L’effondrement n’était pas le produit d’un tremblement de terre ou d’une autre catastrophe naturelle. Bien que de nombreuses idées aient été émises pour expliquer l’événement, il pourrait s’écouler beaucoup de temps avant que nous obtenions des réponses solides. Le comprendre n’est pas facilité par le fait que la grande majorité des restes de la structure ne sont que des décombres à ce stade. Pourtant, les enquêteurs ont des moyens de déterminer les facteurs qui ont conduit à cette catastrophe massive et tragique, même si les indices ont été réduits en petits morceaux.

Le NIST a refusé de s’exprimer sur la question à ce stade, alors Ars a contacté des chercheurs sur le terrain pour avoir une idée de la façon dont ces types d’enquêtes sont menés.

Certains ont émis l’idée qu’une faille dans le construction ou conception originale causé l’effondrement de la structure vieille de 40 ans. D’autres ont suggéré que eau salée aurait pu éroder des parties de la structure. D’autres encore ont suggéré que la construction sur un immeuble voisin, ou alors tassement différentiel du terrain sous-jacent, pourraient être des facteurs. Selon Ben Schafer, professeur au département d’ingénierie civile et système de Johns Hopkins, il est logique de commencer avec un large éventail de possibilités – il pourrait aussi y en avoir d’autres, mais il est difficile de spéculer pour le moment. Il pourrait également y avoir plus d’une cause, a-t-il déclaré. « C’est plus qu’une possibilité, c’est très probable », a-t-il déclaré à Ars.

Où commencer?

Pour commencer, l’équipe tentera d’avoir une idée de ce à quoi ressemblait l’immeuble en copropriété de 136 unités avant l’effondrement, à la fois à travers la paperasse et les vestiges de l’immeuble. Selon Julio Ramírez, professeur de L’école de génie civil de l’Université Purdue – qui a participé à de nombreuses enquêtes dans des cas où un tremblement de terre a détruit un bâtiment – le NIST examinera probablement les dessins structurels originaux et les dessins conformes à l’exécution.
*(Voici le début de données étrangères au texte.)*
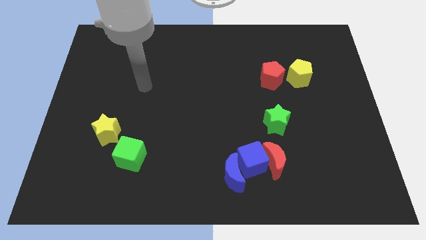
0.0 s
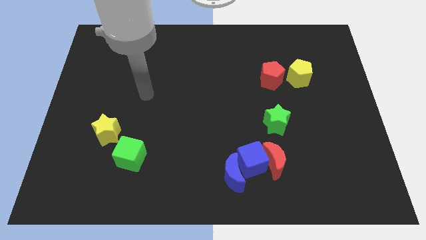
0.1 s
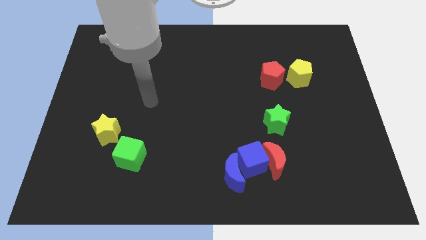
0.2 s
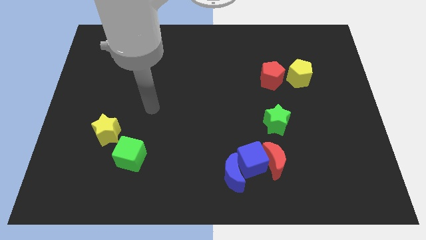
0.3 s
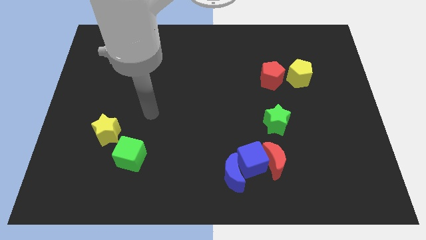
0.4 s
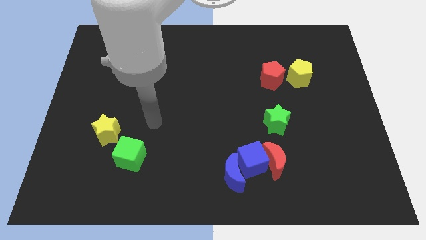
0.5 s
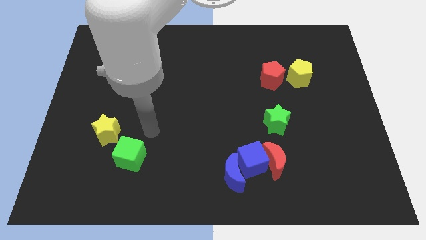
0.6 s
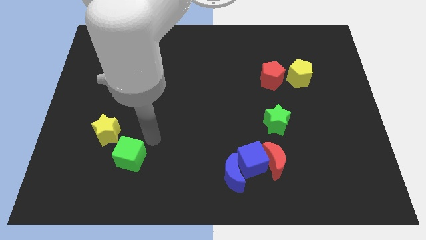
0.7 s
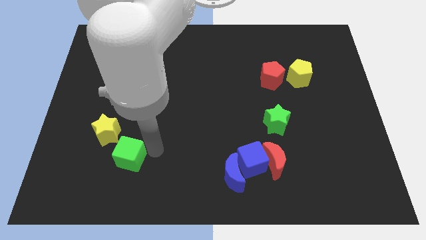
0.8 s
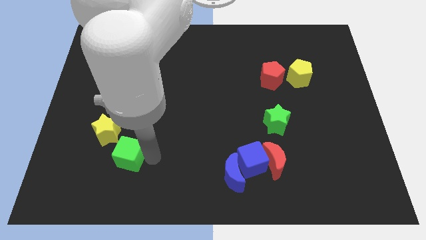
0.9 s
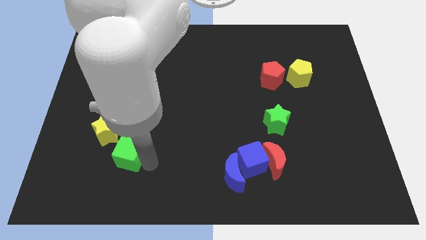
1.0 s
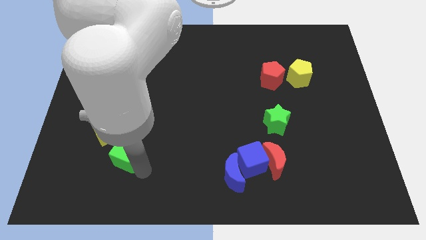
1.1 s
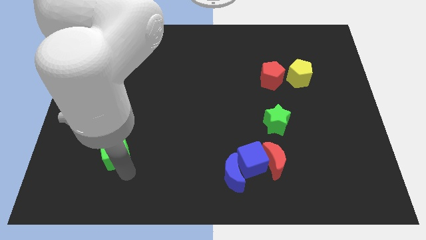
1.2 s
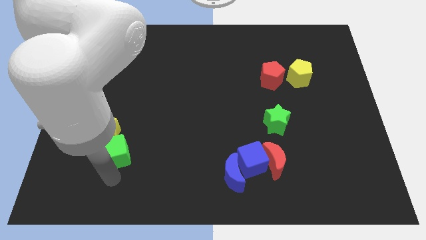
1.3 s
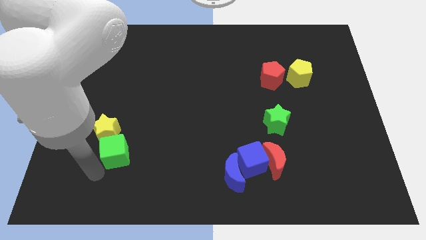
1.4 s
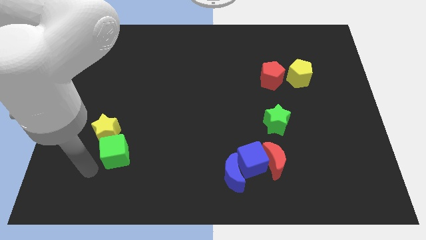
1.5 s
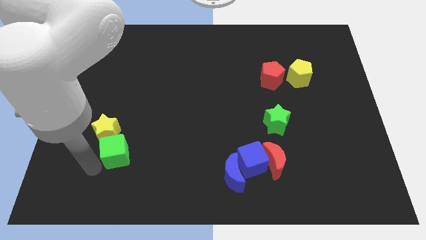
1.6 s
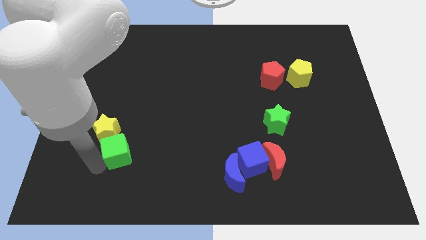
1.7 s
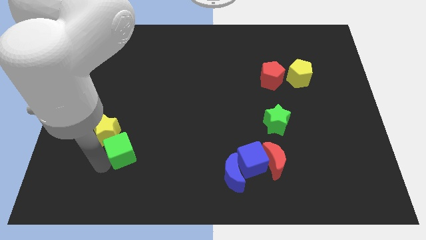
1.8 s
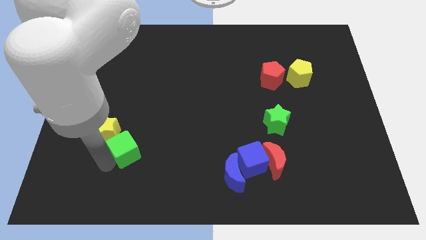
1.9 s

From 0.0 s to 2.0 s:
put the green cube just right of the yellow star

Le premier document représente comment la structure, composée principalement de béton renforcé de barres d’armature en métal, devait être construite, et le dernier représente comment tout cela est sorti. Ces documents, ainsi que les codes du bâtiment datant de l’époque où la tour a été construite, peuvent aider à identifier une cause, à établir quel était l’état du bâtiment avant la catastrophe et à suggérer les parties de la structure qui auraient pu subir le plus de stress.
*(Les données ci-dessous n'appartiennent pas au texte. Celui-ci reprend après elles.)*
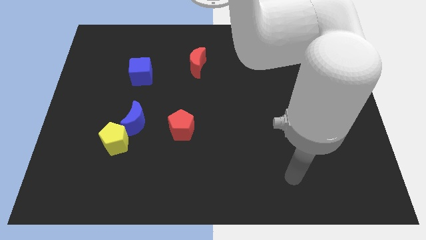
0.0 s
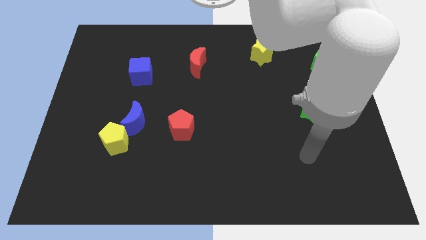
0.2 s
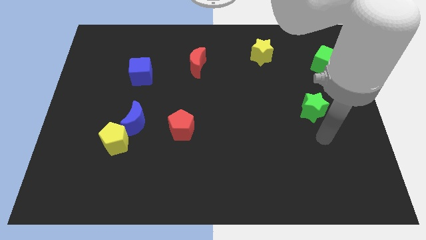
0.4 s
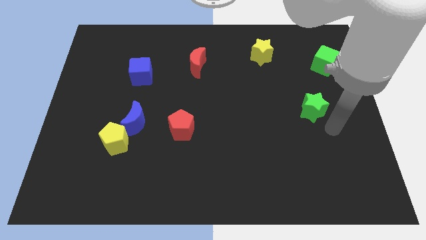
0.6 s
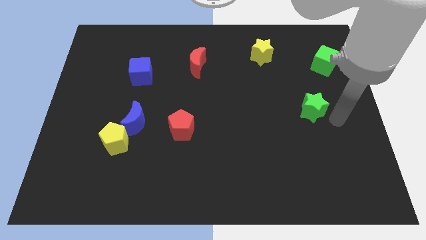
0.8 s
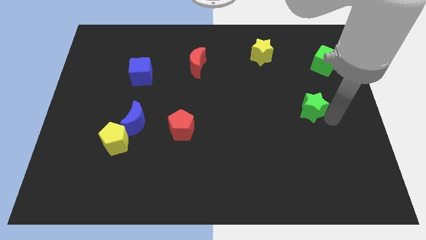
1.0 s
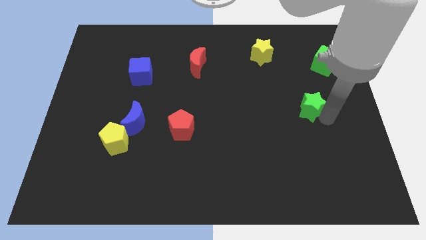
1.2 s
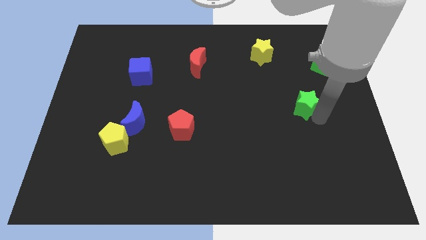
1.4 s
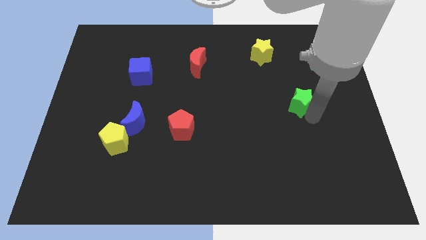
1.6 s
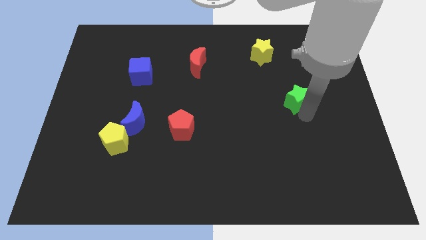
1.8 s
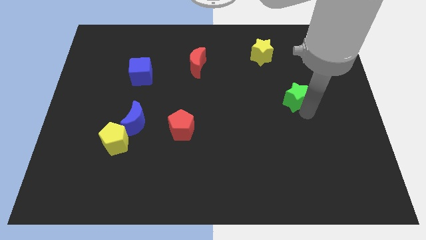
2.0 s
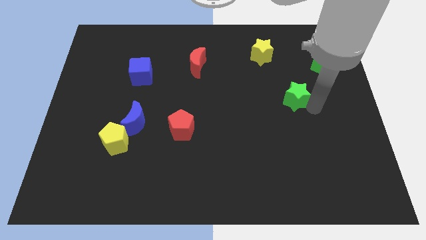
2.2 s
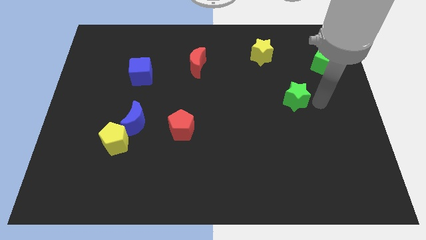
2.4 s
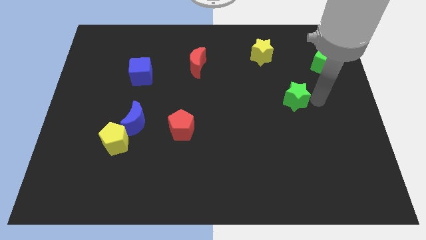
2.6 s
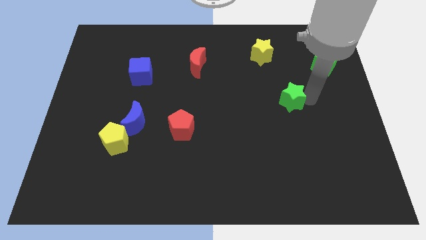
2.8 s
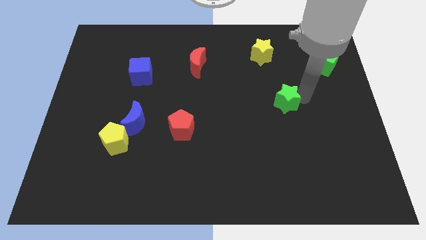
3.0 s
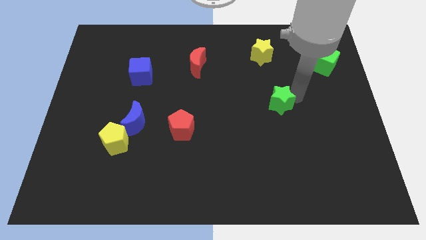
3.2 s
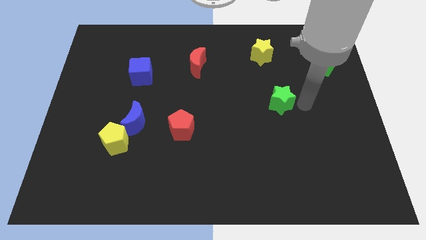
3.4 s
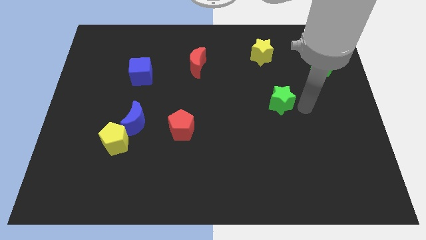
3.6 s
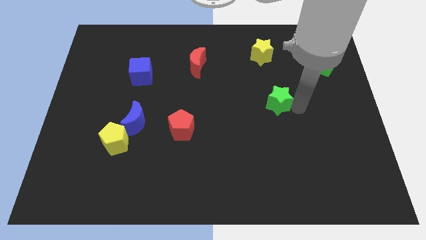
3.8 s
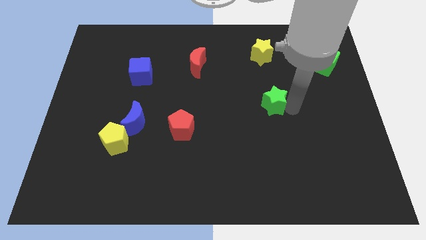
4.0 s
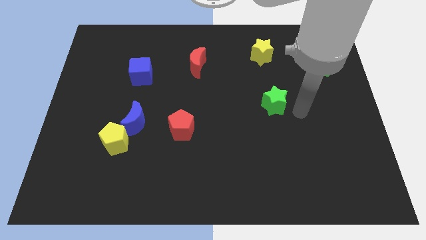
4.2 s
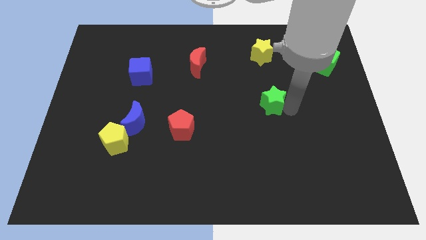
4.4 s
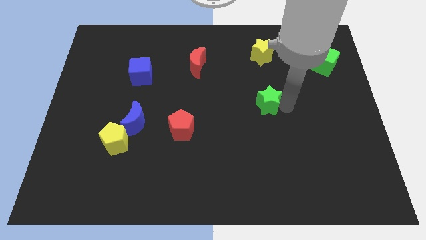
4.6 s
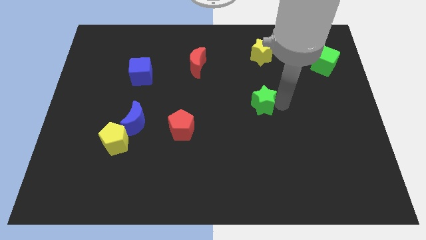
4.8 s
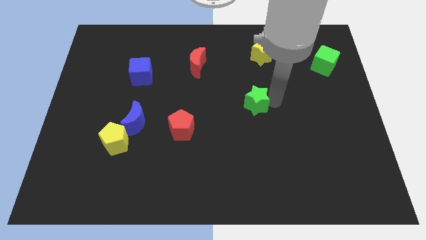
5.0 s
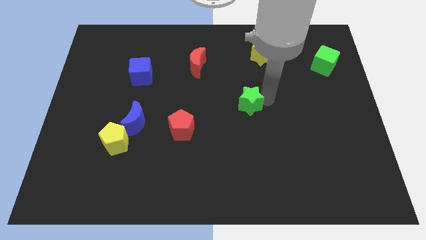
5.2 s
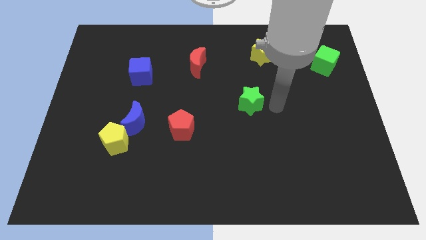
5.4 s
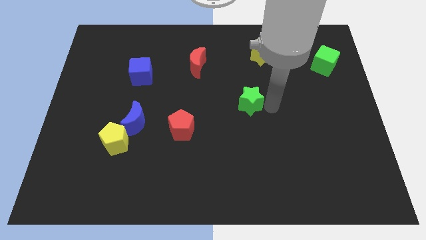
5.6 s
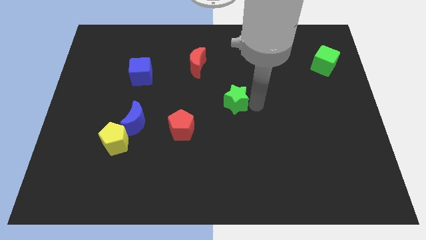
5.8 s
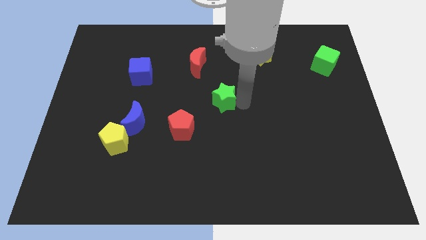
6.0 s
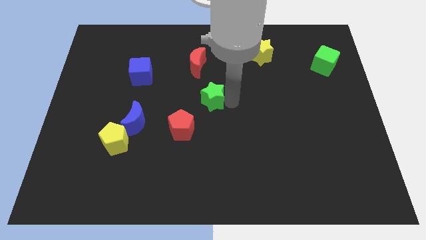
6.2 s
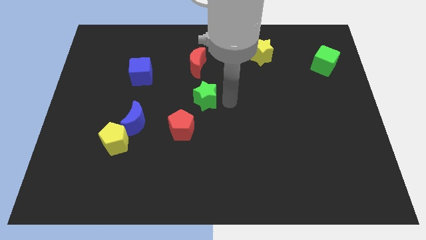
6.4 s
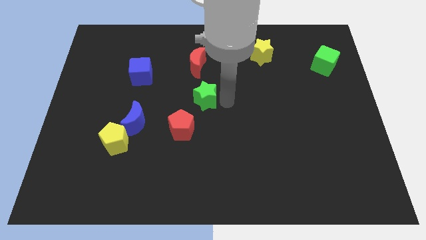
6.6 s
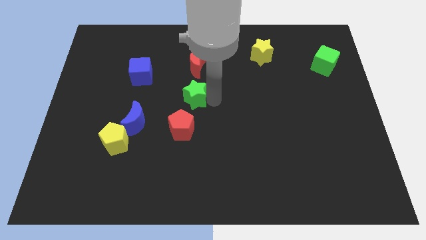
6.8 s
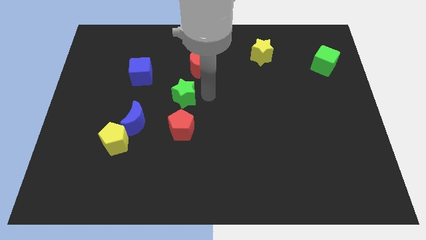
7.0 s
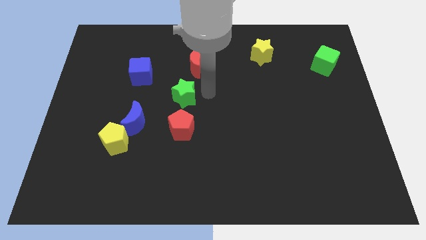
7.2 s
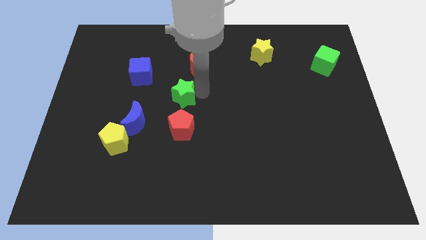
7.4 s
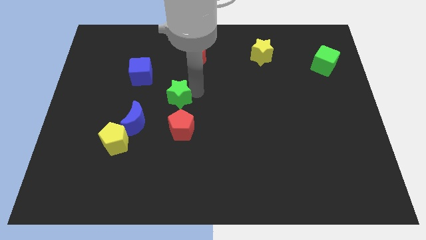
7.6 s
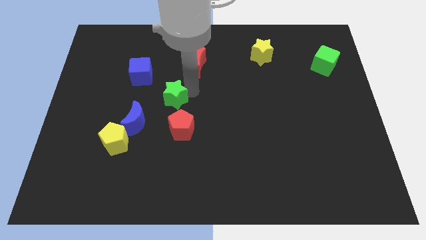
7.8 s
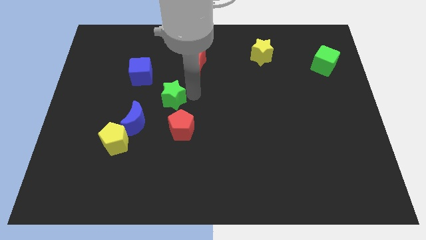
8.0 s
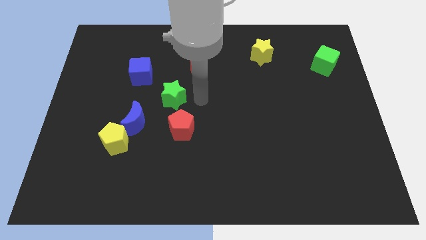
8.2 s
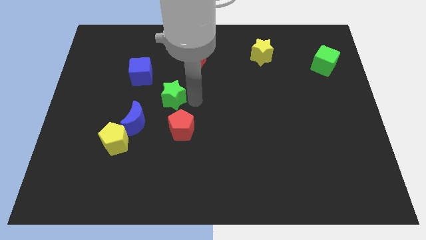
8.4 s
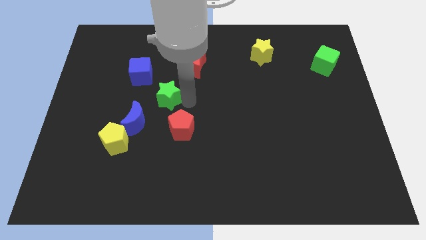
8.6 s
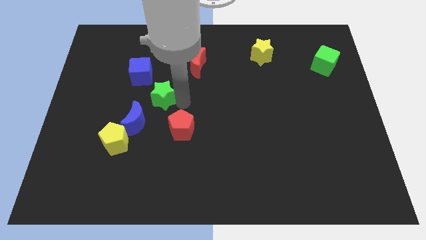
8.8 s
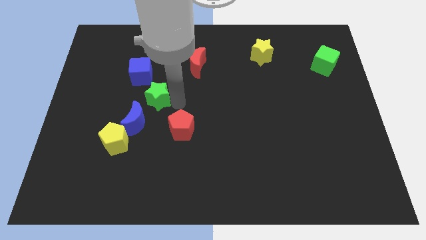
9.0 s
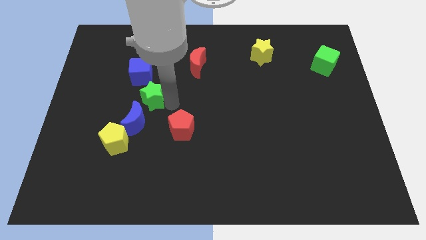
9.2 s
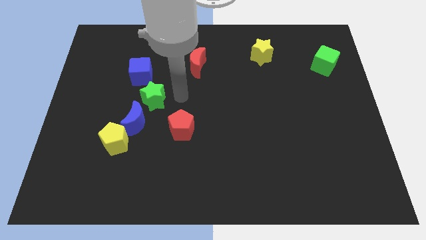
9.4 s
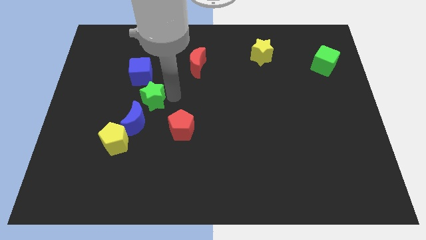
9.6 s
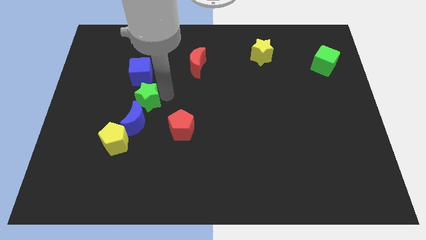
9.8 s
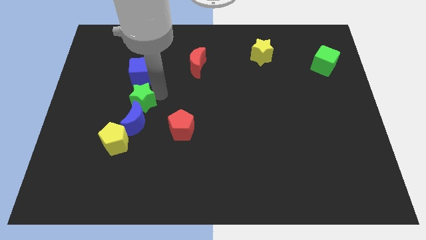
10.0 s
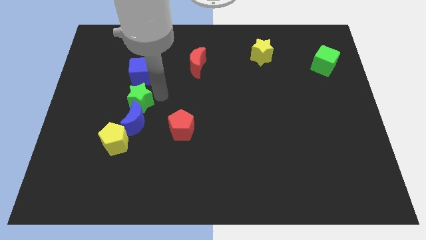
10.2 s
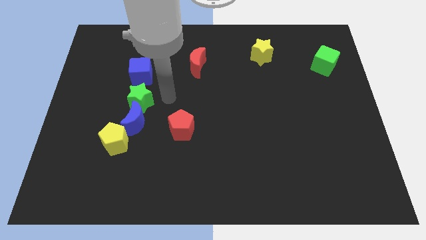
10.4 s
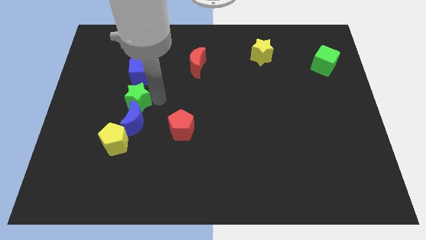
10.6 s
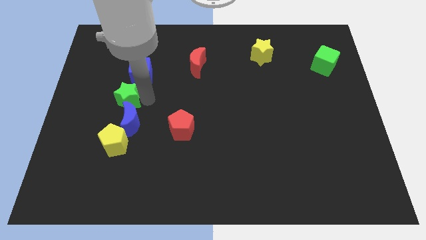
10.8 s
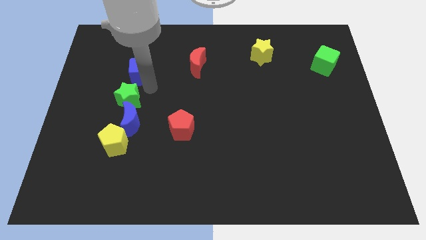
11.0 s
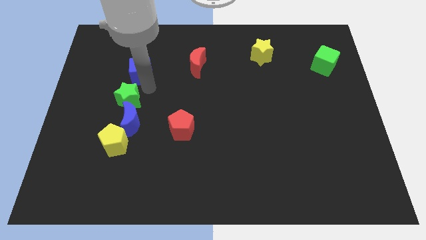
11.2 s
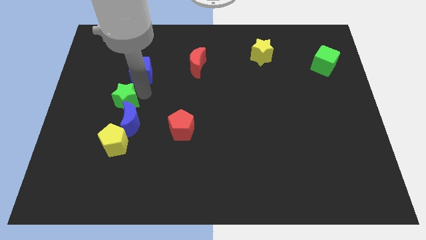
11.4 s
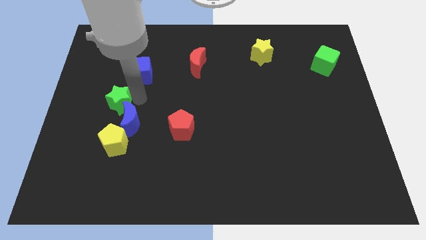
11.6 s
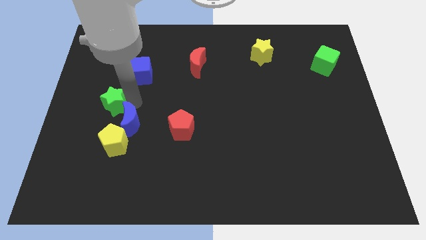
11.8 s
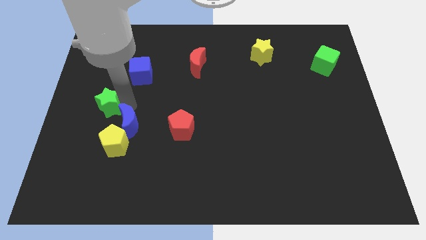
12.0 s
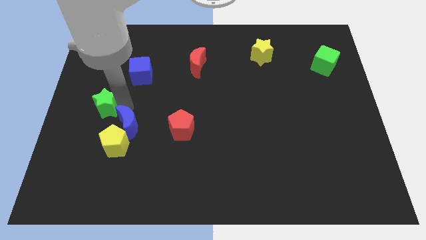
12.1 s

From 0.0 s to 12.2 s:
push the green star to the top left side of the yellow pentagon

« Avant même de commencer à penser à [assessing] tous ces scénarios, vous devez d’abord dire : « Eh bien, que pensons-nous vraiment être la condition de départ ? » a déclaré Schafer.

Le NIST peut également comparer la quantité brute de barres d’armature en béton et en métal – qu’il s’agisse de gravats ou d’un élément encore quelque peu intact – à un endroit avec la quantité de matériau qui, selon les plans, aurait dû être utilisée dans cette partie de la structure. Par example, certains ont soulevé une préoccupation qu’il semble y avoir moins d’armatures en acier que ce qui aurait été normal dans les années 1970 dans diverses parties de la structure.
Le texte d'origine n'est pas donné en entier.